TASK ITEM =>
For any picture in the lines below, please leave it out and copy the rest exactly.

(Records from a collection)
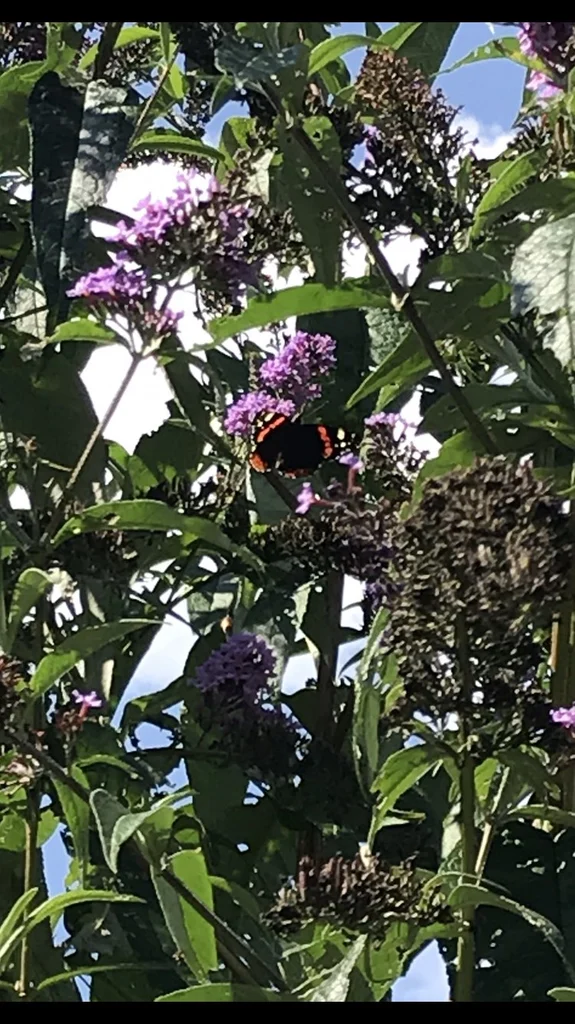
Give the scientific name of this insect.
Vanessa atalanta
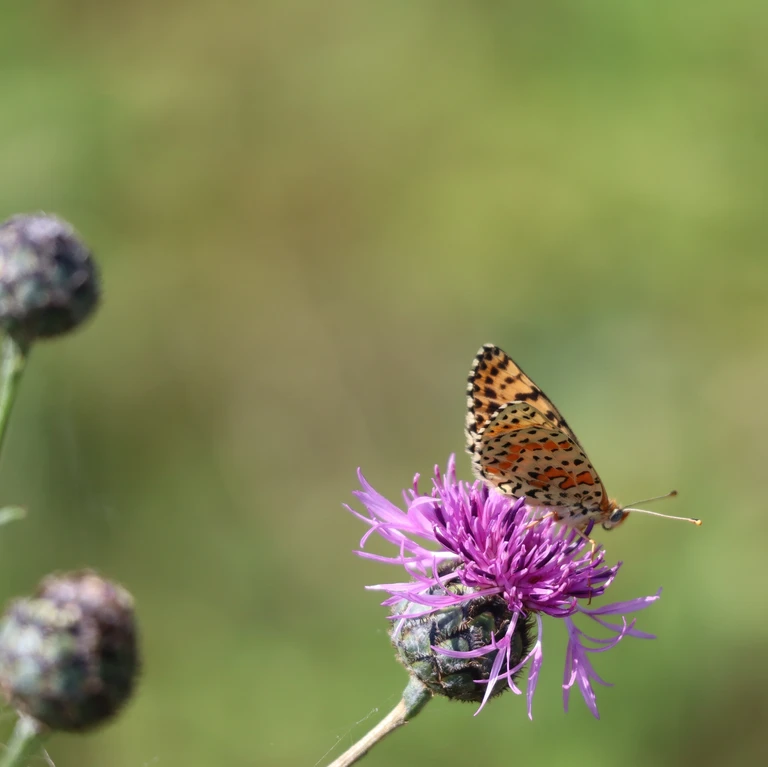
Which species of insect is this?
Melitaea didyma
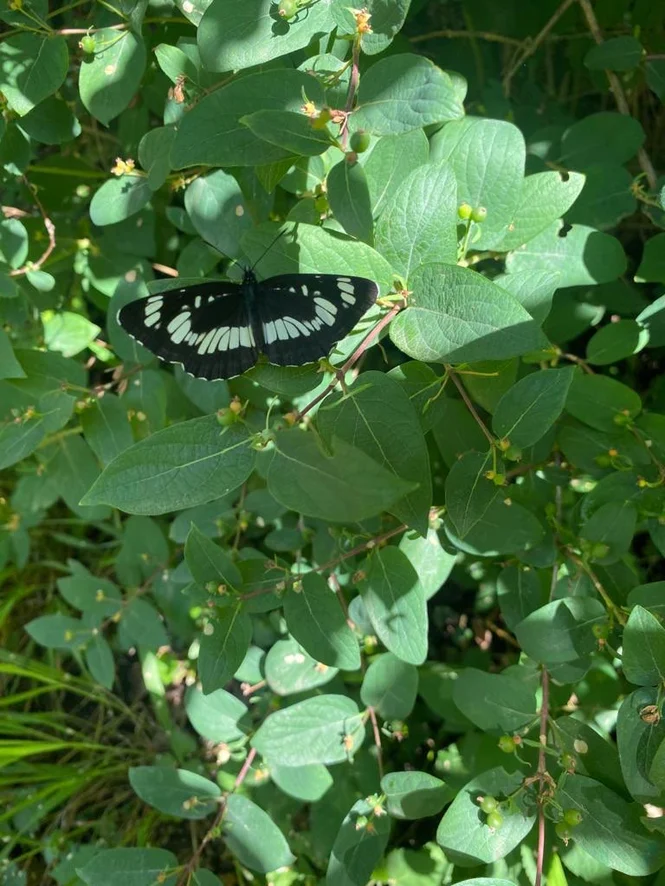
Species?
Neptis rivularis
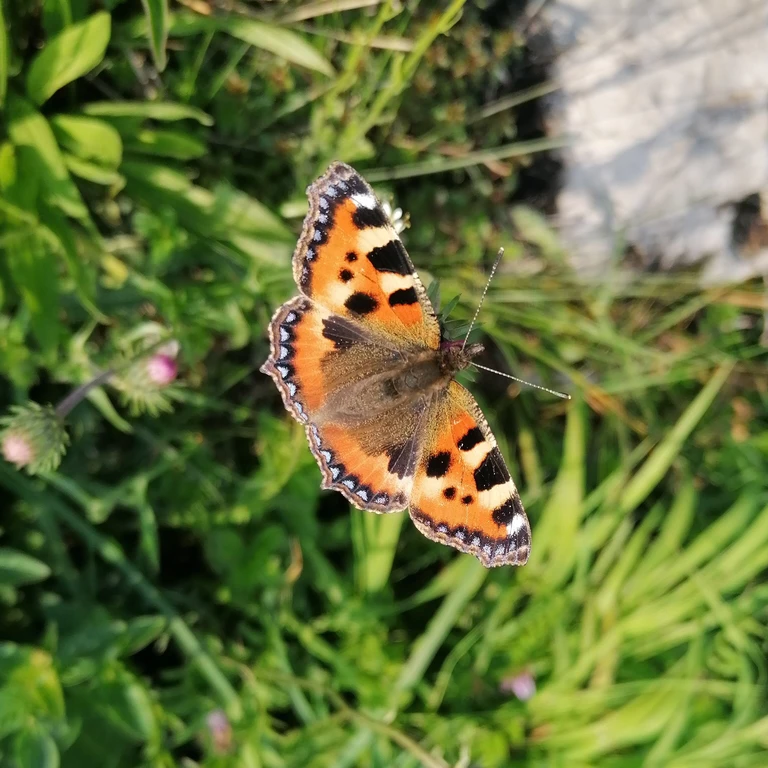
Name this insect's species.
Aglais urticae
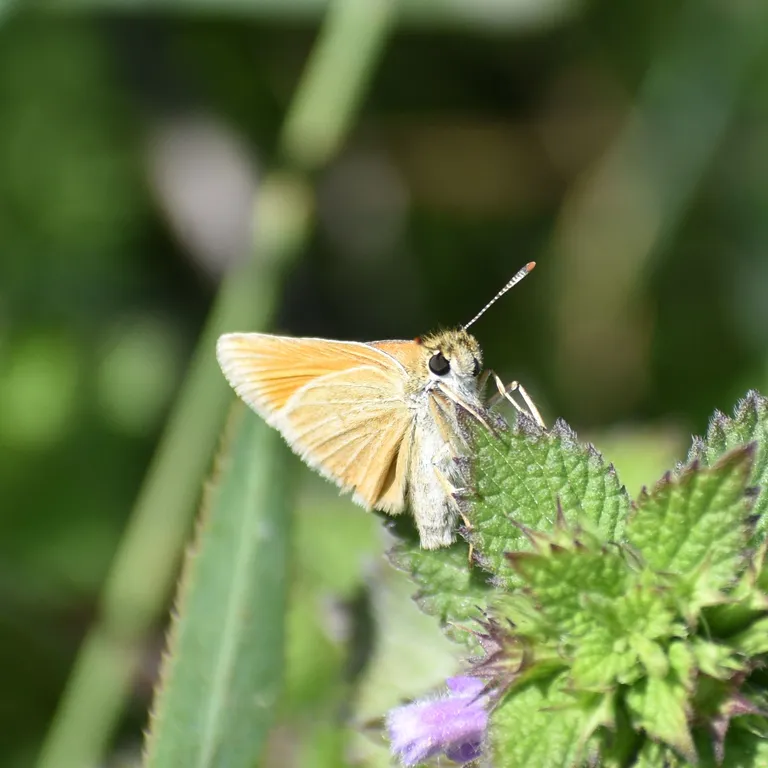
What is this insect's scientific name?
Thymelicus sylvestris
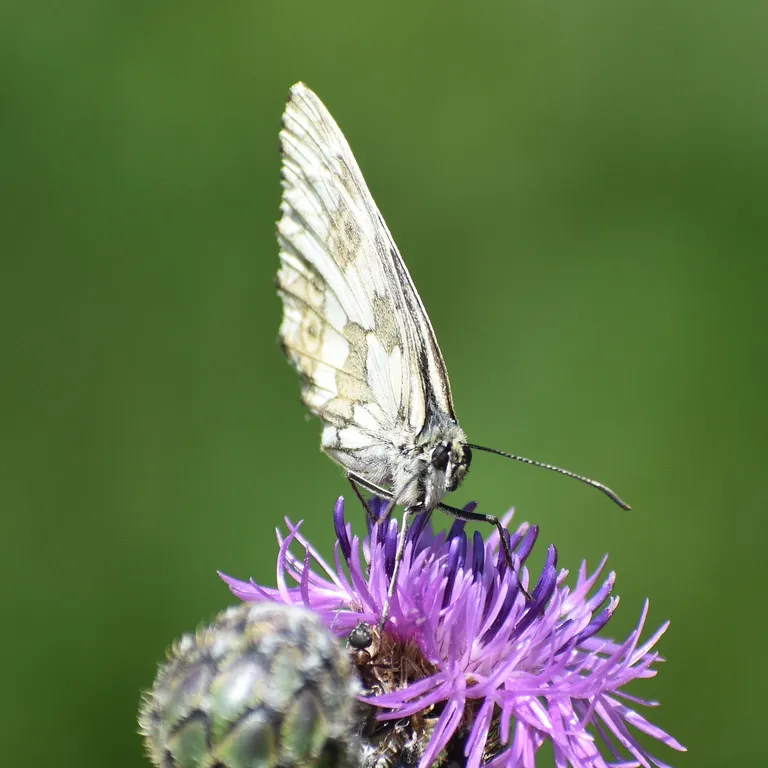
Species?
Melanargia galathea
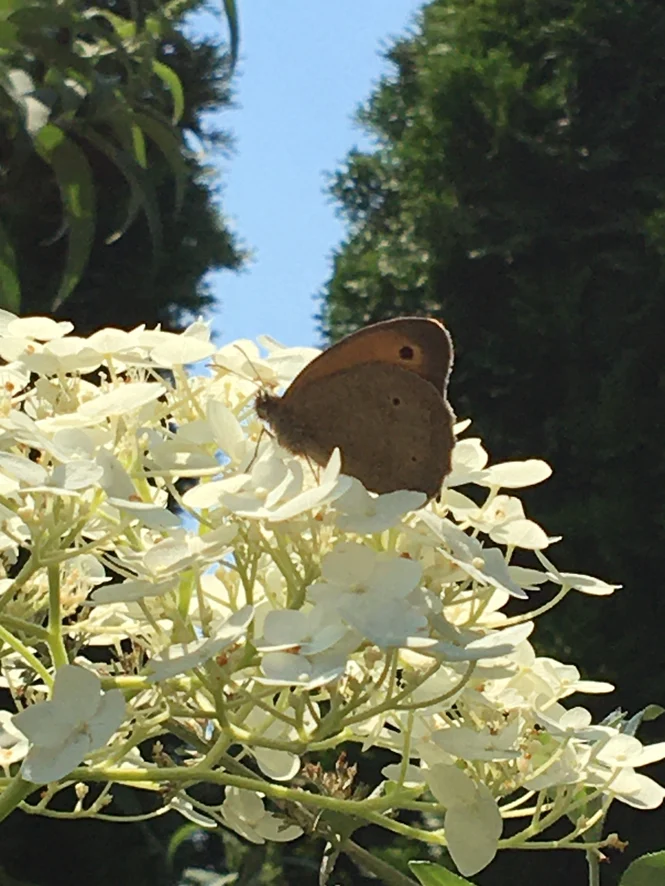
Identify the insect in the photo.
Maniola jurtina
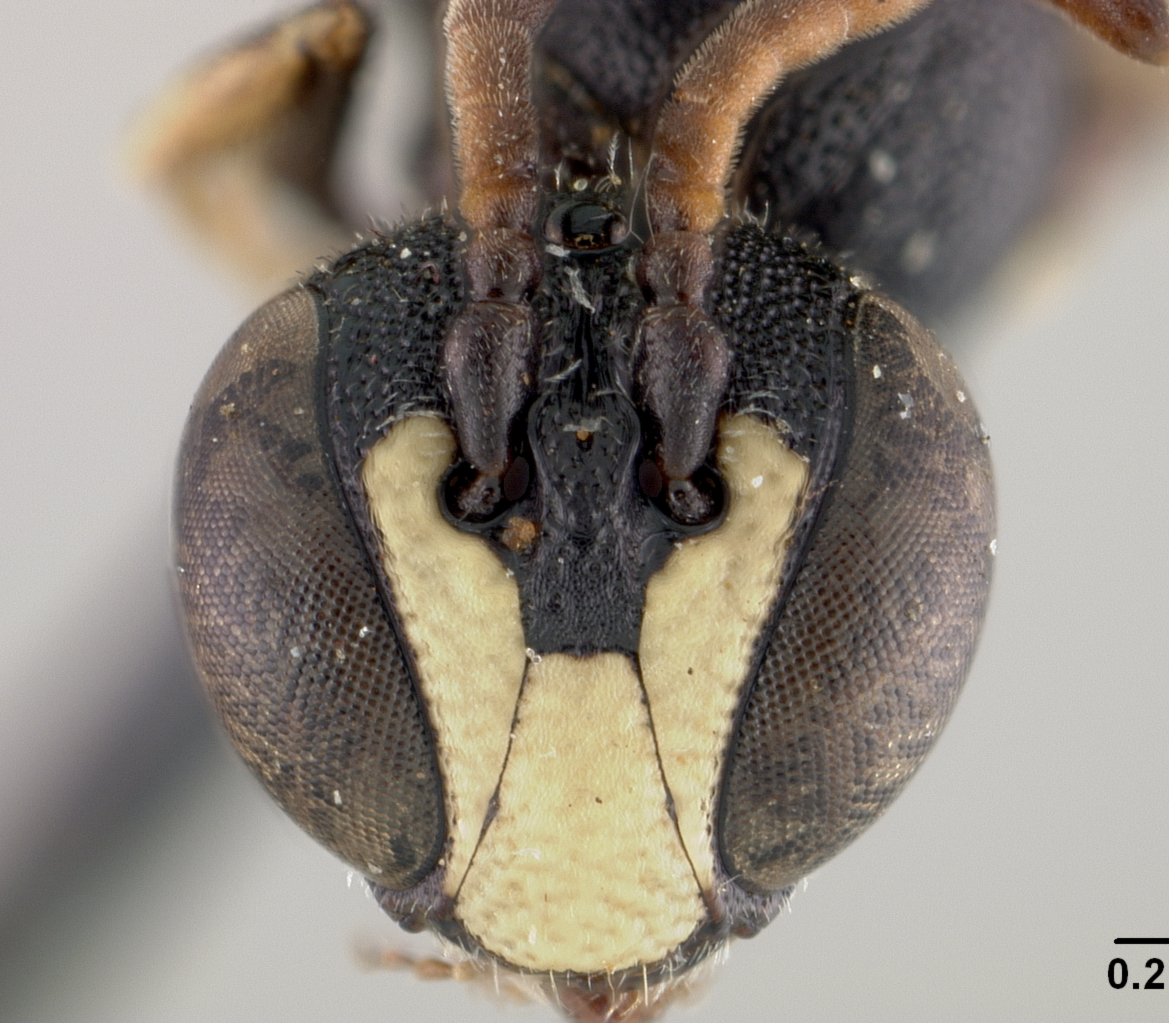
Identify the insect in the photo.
Hylaeus bequaertianus

SOLUTION FOR THIS TASK =>
Give the scientific name of this insect.
Vanessa atalanta
Which species of insect is this?
Melitaea didyma
Species?
Neptis rivularis
Name this insect's species.
Aglais urticae
What is this insect's scientific name?
Thymelicus sylvestris
Species?
Melanargia galathea
Identify the insect in the photo.
Maniola jurtina
Identify the insect in the photo.
Hylaeus bequaertianus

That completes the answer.